Com o coração pesado, Odette dispensou as empregadas que estavam atrás dela, observando cada movimento seu com um olhar crítico. Cansada e esgotada, ela arrastou os pés pela soleira do quarto, o peso do dia caindo sobre ela. Embora sentisse os olhares desaprovadores das empregadas queimando suas costas, ela não conseguia se importar.
Odette estava tão exausta que queria rastejar para a cama imediatamente, mas ela persistiu em ir até o banheiro para tomar um banho. Ela gentilmente arrumou seu cabelo e trocou de roupa por uma camisola limpa. Ela se sentiu muito melhor quando se levantou com uma fita presa na ponta de seu cabelo trançado.
Odette ficou imóvel, olhando para a entrada do quarto do casal com uma expressão vazia e vazia. Um suspiro profundo e resignado escapou de seus lábios, uma manifestação física da tristeza e desespero avassaladores que a consumiam.
Embora estivesse devastada pela miséria e pela dor no coração, ela se recusou a colocar a culpa somente nos ombros de Bastian. Ela havia entrado nesse casamento com plena consciência dos desafios que a esperavam, e estava determinada a enfrentá-los de frente.
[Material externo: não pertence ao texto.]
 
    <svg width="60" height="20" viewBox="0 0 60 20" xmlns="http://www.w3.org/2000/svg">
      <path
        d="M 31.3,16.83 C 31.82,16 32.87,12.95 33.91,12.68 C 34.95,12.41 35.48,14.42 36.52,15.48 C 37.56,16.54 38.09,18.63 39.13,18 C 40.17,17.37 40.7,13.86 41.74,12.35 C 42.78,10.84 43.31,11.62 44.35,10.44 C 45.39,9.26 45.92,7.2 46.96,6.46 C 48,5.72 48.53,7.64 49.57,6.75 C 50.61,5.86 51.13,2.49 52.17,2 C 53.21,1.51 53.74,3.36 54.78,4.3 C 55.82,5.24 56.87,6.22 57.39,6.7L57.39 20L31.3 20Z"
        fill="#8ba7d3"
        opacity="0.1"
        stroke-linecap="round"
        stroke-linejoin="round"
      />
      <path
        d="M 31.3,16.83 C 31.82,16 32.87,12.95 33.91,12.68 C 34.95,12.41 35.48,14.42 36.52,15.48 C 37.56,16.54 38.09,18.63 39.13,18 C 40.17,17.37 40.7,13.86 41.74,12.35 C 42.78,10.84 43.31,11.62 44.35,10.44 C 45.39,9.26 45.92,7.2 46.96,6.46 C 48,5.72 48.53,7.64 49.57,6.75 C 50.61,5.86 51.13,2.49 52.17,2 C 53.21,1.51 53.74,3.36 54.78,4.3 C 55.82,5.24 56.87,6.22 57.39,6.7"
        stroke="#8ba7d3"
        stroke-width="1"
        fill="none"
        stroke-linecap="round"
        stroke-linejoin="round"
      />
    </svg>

Embora as duras realidades da situação fossem muito mais assustadoras do que ela havia previsto inicialmente, Odette sabia que essa era a melhor decisão que ela poderia ter tomado sob as circunstâncias.
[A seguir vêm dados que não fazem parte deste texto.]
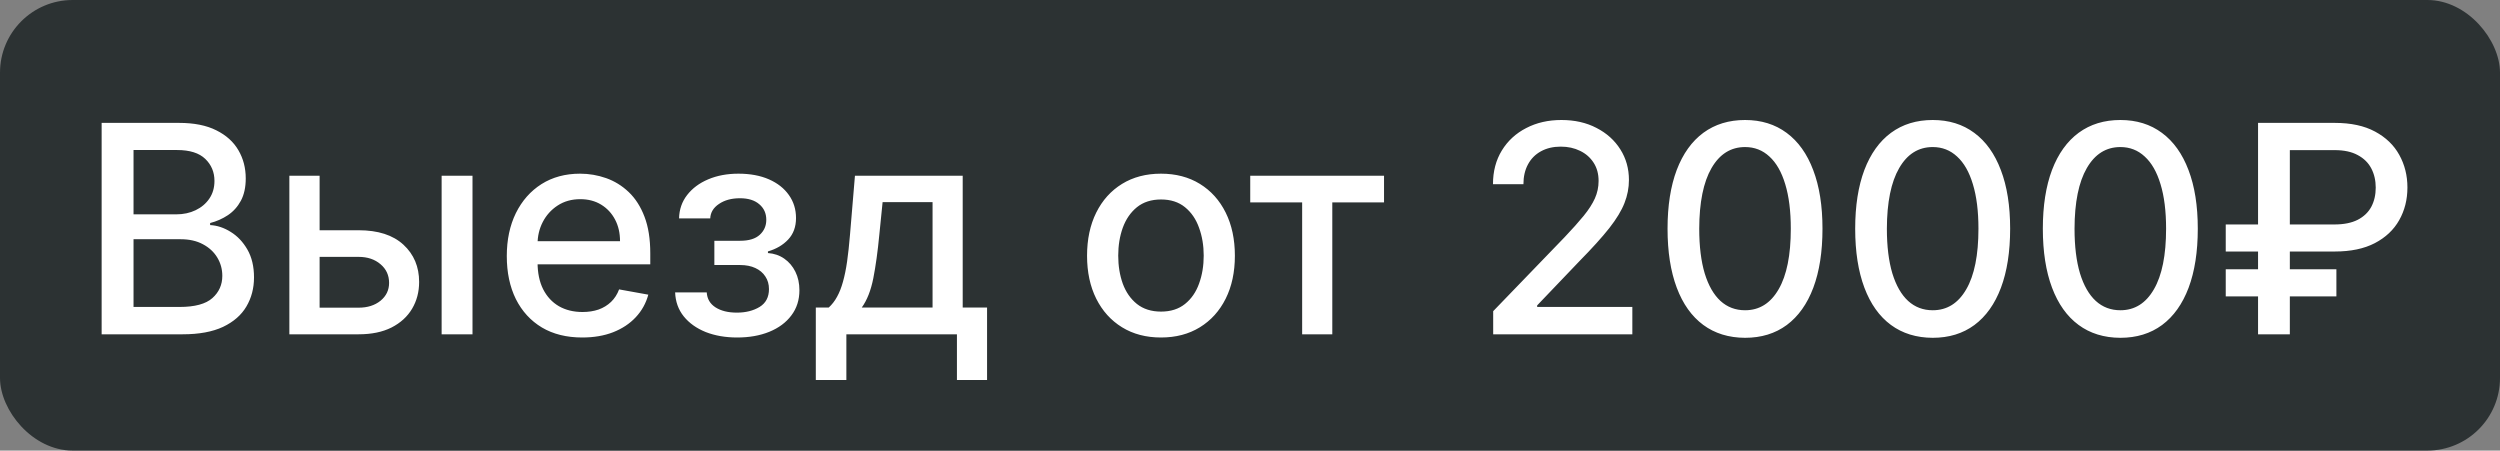 <?xml version="1.0" encoding="UTF-8"?> <svg xmlns="http://www.w3.org/2000/svg" width="172" height="31" viewBox="0 0 172 31" fill="none"><rect x="0" y="0" width="172" height="31" fill="#808080" stroke="none"/> <rect width="172" height="31" rx="5" fill="#2C3233"></rect> <path d="M6.993 23V8.455H12.319C13.351 8.455 14.206 8.625 14.883 8.966C15.56 9.302 16.067 9.759 16.403 10.337C16.739 10.91 16.907 11.556 16.907 12.276C16.907 12.882 16.796 13.393 16.573 13.81C16.351 14.222 16.053 14.553 15.679 14.804C15.309 15.05 14.902 15.23 14.457 15.344V15.486C14.94 15.509 15.411 15.666 15.87 15.954C16.334 16.239 16.718 16.643 17.021 17.169C17.324 17.695 17.476 18.334 17.476 19.087C17.476 19.83 17.3 20.498 16.95 21.09C16.604 21.677 16.069 22.143 15.345 22.489C14.62 22.829 13.695 23 12.568 23H6.993ZM9.187 21.118H12.355C13.406 21.118 14.159 20.914 14.613 20.507C15.068 20.1 15.295 19.591 15.295 18.98C15.295 18.521 15.179 18.099 14.947 17.716C14.715 17.332 14.384 17.027 13.953 16.8C13.527 16.572 13.02 16.459 12.433 16.459H9.187V21.118ZM9.187 14.747H12.127C12.62 14.747 13.063 14.652 13.456 14.463C13.853 14.274 14.168 14.008 14.4 13.668C14.637 13.322 14.755 12.915 14.755 12.446C14.755 11.845 14.545 11.34 14.123 10.933C13.702 10.526 13.056 10.322 12.184 10.322H9.187V14.747ZM21.506 15.841H24.674C26.009 15.841 27.036 16.172 27.756 16.835C28.476 17.498 28.836 18.353 28.836 19.399C28.836 20.081 28.675 20.694 28.353 21.239C28.031 21.783 27.559 22.214 26.939 22.531C26.319 22.844 25.564 23 24.674 23H19.908V12.091H21.989V21.168H24.674C25.284 21.168 25.786 21.009 26.179 20.692C26.572 20.37 26.769 19.96 26.769 19.463C26.769 18.938 26.572 18.509 26.179 18.178C25.786 17.841 25.284 17.673 24.674 17.673H21.506V15.841ZM30.384 23V12.091H32.508V23H30.384ZM40.059 23.22C38.984 23.22 38.059 22.991 37.282 22.531C36.51 22.067 35.914 21.416 35.492 20.578C35.075 19.735 34.867 18.748 34.867 17.616C34.867 16.499 35.075 15.514 35.492 14.662C35.914 13.81 36.501 13.144 37.254 12.666C38.011 12.188 38.897 11.949 39.91 11.949C40.525 11.949 41.122 12.051 41.7 12.254C42.277 12.458 42.796 12.777 43.255 13.213C43.714 13.649 44.077 14.214 44.342 14.911C44.607 15.602 44.739 16.442 44.739 17.432V18.185H36.068V16.594H42.658C42.658 16.035 42.545 15.54 42.318 15.109C42.09 14.674 41.771 14.331 41.359 14.079C40.952 13.829 40.473 13.703 39.924 13.703C39.327 13.703 38.807 13.85 38.361 14.143C37.921 14.432 37.58 14.811 37.339 15.28C37.102 15.744 36.984 16.248 36.984 16.793V18.035C36.984 18.765 37.111 19.385 37.367 19.896C37.628 20.408 37.99 20.798 38.454 21.068C38.918 21.333 39.46 21.466 40.08 21.466C40.483 21.466 40.85 21.409 41.181 21.296C41.513 21.177 41.799 21.002 42.041 20.77C42.282 20.538 42.467 20.251 42.594 19.91L44.604 20.273C44.443 20.865 44.155 21.383 43.738 21.828C43.326 22.268 42.807 22.612 42.182 22.858C41.562 23.099 40.854 23.22 40.059 23.22ZM46.449 20.116H48.623C48.651 20.562 48.852 20.905 49.226 21.146C49.605 21.388 50.095 21.509 50.696 21.509C51.307 21.509 51.828 21.378 52.259 21.118C52.69 20.853 52.905 20.443 52.905 19.889C52.905 19.558 52.822 19.269 52.657 19.023C52.496 18.772 52.266 18.578 51.968 18.44C51.674 18.303 51.326 18.234 50.924 18.234H49.148V16.565H50.924C51.525 16.565 51.975 16.428 52.273 16.153C52.571 15.879 52.721 15.536 52.721 15.124C52.721 14.678 52.559 14.321 52.238 14.051C51.92 13.777 51.478 13.639 50.909 13.639C50.332 13.639 49.851 13.769 49.468 14.03C49.084 14.286 48.883 14.617 48.864 15.024H46.719C46.733 14.413 46.918 13.878 47.273 13.419C47.633 12.955 48.116 12.595 48.722 12.339C49.333 12.079 50.026 11.949 50.803 11.949C51.613 11.949 52.313 12.079 52.905 12.339C53.497 12.6 53.954 12.96 54.276 13.419C54.603 13.878 54.766 14.406 54.766 15.003C54.766 15.604 54.586 16.097 54.226 16.48C53.871 16.859 53.407 17.131 52.834 17.297V17.41C53.256 17.439 53.63 17.567 53.956 17.794C54.283 18.021 54.539 18.322 54.723 18.696C54.908 19.07 55 19.494 55 19.967C55 20.635 54.816 21.213 54.446 21.7C54.082 22.188 53.575 22.564 52.926 22.829C52.283 23.09 51.546 23.22 50.718 23.22C49.913 23.22 49.191 23.095 48.551 22.844C47.917 22.588 47.413 22.228 47.039 21.764C46.669 21.3 46.473 20.751 46.449 20.116ZM56.128 26.146V21.16H57.016C57.243 20.952 57.435 20.704 57.591 20.415C57.752 20.126 57.887 19.783 57.996 19.385C58.109 18.987 58.204 18.523 58.28 17.993C58.356 17.458 58.422 16.847 58.479 16.16L58.82 12.091H66.234V21.16H67.91V26.146H65.837V23H58.23V26.146H56.128ZM59.288 21.16H64.16V13.909H60.723L60.496 16.16C60.387 17.306 60.249 18.301 60.084 19.143C59.918 19.982 59.653 20.654 59.288 21.16ZM79.874 23.22C78.852 23.22 77.959 22.986 77.197 22.517C76.434 22.048 75.843 21.392 75.421 20.55C75 19.707 74.789 18.722 74.789 17.595C74.789 16.463 75 15.474 75.421 14.626C75.843 13.779 76.434 13.121 77.197 12.652C77.959 12.183 78.852 11.949 79.874 11.949C80.897 11.949 81.79 12.183 82.552 12.652C83.314 13.121 83.906 13.779 84.327 14.626C84.749 15.474 84.96 16.463 84.96 17.595C84.96 18.722 84.749 19.707 84.327 20.55C83.906 21.392 83.314 22.048 82.552 22.517C81.79 22.986 80.897 23.22 79.874 23.22ZM79.881 21.438C80.544 21.438 81.094 21.262 81.529 20.912C81.965 20.562 82.287 20.095 82.495 19.513C82.708 18.93 82.815 18.289 82.815 17.588C82.815 16.892 82.708 16.253 82.495 15.671C82.287 15.083 81.965 14.612 81.529 14.257C81.094 13.902 80.544 13.724 79.881 13.724C79.214 13.724 78.66 13.902 78.219 14.257C77.784 14.612 77.46 15.083 77.246 15.671C77.038 16.253 76.934 16.892 76.934 17.588C76.934 18.289 77.038 18.93 77.246 19.513C77.46 20.095 77.784 20.562 78.219 20.912C78.66 21.262 79.214 21.438 79.881 21.438ZM86.016 13.923V12.091H95.221V13.923H91.662V23H89.588V13.923H86.016ZM102.731 23V21.409L107.653 16.31C108.179 15.756 108.612 15.27 108.953 14.854C109.298 14.432 109.556 14.032 109.727 13.653C109.897 13.275 109.983 12.872 109.983 12.446C109.983 11.963 109.869 11.546 109.642 11.196C109.414 10.841 109.104 10.569 108.711 10.379C108.318 10.185 107.876 10.088 107.383 10.088C106.862 10.088 106.408 10.195 106.02 10.408C105.631 10.621 105.333 10.921 105.125 11.31C104.916 11.698 104.812 12.152 104.812 12.673H102.717C102.717 11.788 102.921 11.014 103.328 10.351C103.735 9.688 104.294 9.174 105.004 8.81C105.714 8.44 106.521 8.256 107.426 8.256C108.34 8.256 109.145 8.438 109.841 8.803C110.541 9.162 111.088 9.655 111.481 10.28C111.874 10.9 112.071 11.601 112.071 12.382C112.071 12.922 111.969 13.45 111.765 13.966C111.566 14.482 111.218 15.057 110.721 15.692C110.224 16.322 109.533 17.086 108.647 17.986L105.757 21.011V21.118H112.305V23H102.731ZM120.061 23.241C118.939 23.237 117.98 22.941 117.184 22.354C116.389 21.767 115.78 20.912 115.359 19.79C114.938 18.668 114.727 17.316 114.727 15.734C114.727 14.158 114.938 12.811 115.359 11.693C115.785 10.576 116.396 9.723 117.191 9.136C117.992 8.549 118.948 8.256 120.061 8.256C121.173 8.256 122.127 8.552 122.923 9.143C123.718 9.731 124.327 10.583 124.748 11.7C125.174 12.813 125.387 14.158 125.387 15.734C125.387 17.32 125.177 18.675 124.755 19.797C124.334 20.914 123.725 21.769 122.93 22.361C122.135 22.948 121.178 23.241 120.061 23.241ZM120.061 21.345C121.046 21.345 121.815 20.865 122.369 19.903C122.928 18.942 123.207 17.553 123.207 15.734C123.207 14.527 123.079 13.507 122.824 12.673C122.573 11.835 122.21 11.201 121.737 10.77C121.268 10.334 120.709 10.117 120.061 10.117C119.081 10.117 118.311 10.599 117.752 11.565C117.194 12.531 116.912 13.921 116.907 15.734C116.907 16.947 117.033 17.972 117.284 18.81C117.539 19.643 117.902 20.275 118.37 20.706C118.839 21.132 119.403 21.345 120.061 21.345ZM132.971 23.241C131.849 23.237 130.89 22.941 130.094 22.354C129.299 21.767 128.691 20.912 128.269 19.79C127.848 18.668 127.637 17.316 127.637 15.734C127.637 14.158 127.848 12.811 128.269 11.693C128.695 10.576 129.306 9.723 130.102 9.136C130.902 8.549 131.858 8.256 132.971 8.256C134.084 8.256 135.038 8.552 135.833 9.143C136.629 9.731 137.237 10.583 137.658 11.7C138.085 12.813 138.298 14.158 138.298 15.734C138.298 17.32 138.087 18.675 137.665 19.797C137.244 20.914 136.636 21.769 135.84 22.361C135.045 22.948 134.088 23.241 132.971 23.241ZM132.971 21.345C133.956 21.345 134.725 20.865 135.279 19.903C135.838 18.942 136.117 17.553 136.117 15.734C136.117 14.527 135.989 13.507 135.734 12.673C135.483 11.835 135.121 11.201 134.647 10.77C134.178 10.334 133.62 10.117 132.971 10.117C131.991 10.117 131.221 10.599 130.663 11.565C130.104 12.531 129.822 13.921 129.817 15.734C129.817 16.947 129.943 17.972 130.194 18.81C130.45 19.643 130.812 20.275 131.281 20.706C131.749 21.132 132.313 21.345 132.971 21.345ZM145.881 23.241C144.759 23.237 143.8 22.941 143.005 22.354C142.209 21.767 141.601 20.912 141.179 19.79C140.758 18.668 140.547 17.316 140.547 15.734C140.547 14.158 140.758 12.811 141.179 11.693C141.605 10.576 142.216 9.723 143.012 9.136C143.812 8.549 144.768 8.256 145.881 8.256C146.994 8.256 147.948 8.552 148.743 9.143C149.539 9.731 150.147 10.583 150.569 11.7C150.995 12.813 151.208 14.158 151.208 15.734C151.208 17.32 150.997 18.675 150.576 19.797C150.154 20.914 149.546 21.769 148.75 22.361C147.955 22.948 146.998 23.241 145.881 23.241ZM145.881 21.345C146.866 21.345 147.635 20.865 148.189 19.903C148.748 18.942 149.027 17.553 149.027 15.734C149.027 14.527 148.9 13.507 148.644 12.673C148.393 11.835 148.031 11.201 147.557 10.77C147.088 10.334 146.53 10.117 145.881 10.117C144.901 10.117 144.132 10.599 143.573 11.565C143.014 12.531 142.732 13.921 142.728 15.734C142.728 16.947 142.853 17.972 143.104 18.81C143.36 19.643 143.722 20.275 144.191 20.706C144.659 21.132 145.223 21.345 145.881 21.345ZM160.638 17.304H153.131V15.443H160.609C161.253 15.443 161.786 15.337 162.207 15.124C162.629 14.906 162.941 14.607 163.145 14.229C163.348 13.845 163.45 13.405 163.45 12.908C163.45 12.415 163.348 11.975 163.145 11.587C162.941 11.198 162.631 10.893 162.214 10.671C161.798 10.443 161.272 10.329 160.638 10.329H157.541V23H155.354V8.455H160.638C161.741 8.455 162.662 8.653 163.401 9.051C164.144 9.449 164.7 9.984 165.07 10.656C165.444 11.329 165.631 12.077 165.631 12.901C165.631 13.734 165.441 14.484 165.062 15.152C164.688 15.815 164.13 16.34 163.386 16.729C162.648 17.112 161.732 17.304 160.638 17.304ZM160.744 18.526V20.393H153.131V18.526H160.744Z" fill="white"></path> </svg>

Com pura força de vontade, Odette lutou para impedir que sua mente sucumbisse ao desespero avassalador que ameaçava consumi-la. Ela foi até a mesa, onde uma pilha de correspondências aguardava sua atenção.
Sabendo que se recolher à cama em tal estado de desânimo só tornaria mais difícil para ela encontrar descanso, ela resolveu se agarrar aos lampejos fugazes de esperança que ainda restavam. Ela separou as coisas que estavam na mesa, recusando-se a se deixar levar pela verdade inescapável de sua situação. Afinal, ela tinha que fazer funcionar, não importa o quão difícil fosse.
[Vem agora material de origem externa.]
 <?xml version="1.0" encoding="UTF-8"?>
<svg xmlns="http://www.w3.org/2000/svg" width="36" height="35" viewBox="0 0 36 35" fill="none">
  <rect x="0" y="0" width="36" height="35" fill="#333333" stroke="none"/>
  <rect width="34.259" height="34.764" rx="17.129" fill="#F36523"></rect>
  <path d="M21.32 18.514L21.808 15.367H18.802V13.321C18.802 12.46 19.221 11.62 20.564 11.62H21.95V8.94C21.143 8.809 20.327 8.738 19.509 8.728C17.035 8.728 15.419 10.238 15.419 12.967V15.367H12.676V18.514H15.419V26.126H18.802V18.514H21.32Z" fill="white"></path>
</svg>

Odette leu as mensagens meticulosamente, arregaçou as mangas da camisola e escreveu uma resposta. Havia uma carta do pai entre elas. Era uma carta cheia de raiva e palavrões dirigida à filha que envergonhou a família ao se casar com um homem humilde.
Ela jogou a carta rasgada no lixo, pensando que era bom que ele tivesse recuperado suas forças. Foi rapidamente seguida por uma carta de Sandrine, na qual ela listou seus móveis, joias, plantas e flores favoritos, junto com sua lista de desejos para o jardim.
Ela cuidadosamente memorizou um punhado de itens dignos de nota, então os registrou em seu confiável caderno. Entre as entradas estavam o nome e as informações de contato do comerciante que Franz havia recomendado para os melhores ornamentos feitos por Felia, que ela anotou logo abaixo dos outros.
Sem nada mais para ocupar seus pensamentos, Odette se rendeu ao conforto de sua cama. Enquanto estava deitada ali, o som suave das ondas suaves do oceano entrava pela janela aberta, levado pela brisa fresca e noturna.
Com um esforço determinado, Odette fechou os olhos e baniu a imagem do homem repulsivo que atormentava seus pensamentos. Embora o peso de seus problemas a fizesse sentir-se velha além de sua idade, ela se recusou a deixá-los consumi-la.
Lentamente, mas seguramente, o toque suave do luar a embalou para o sono. Durante a longa e solitária noite, a cadência constante das ondas lhe forneceu o único consolo, e permaneceu ao seu lado até a primeira luz do amanhecer surgir no céu.
Tudo bem. Não há nada errado. Tudo vai ficar bem.
Uma sensação de calma tomou conta dela enquanto ela repetia as palavras reconfortantes para si mesma, como uma melodia suave que lhe trazia consolo.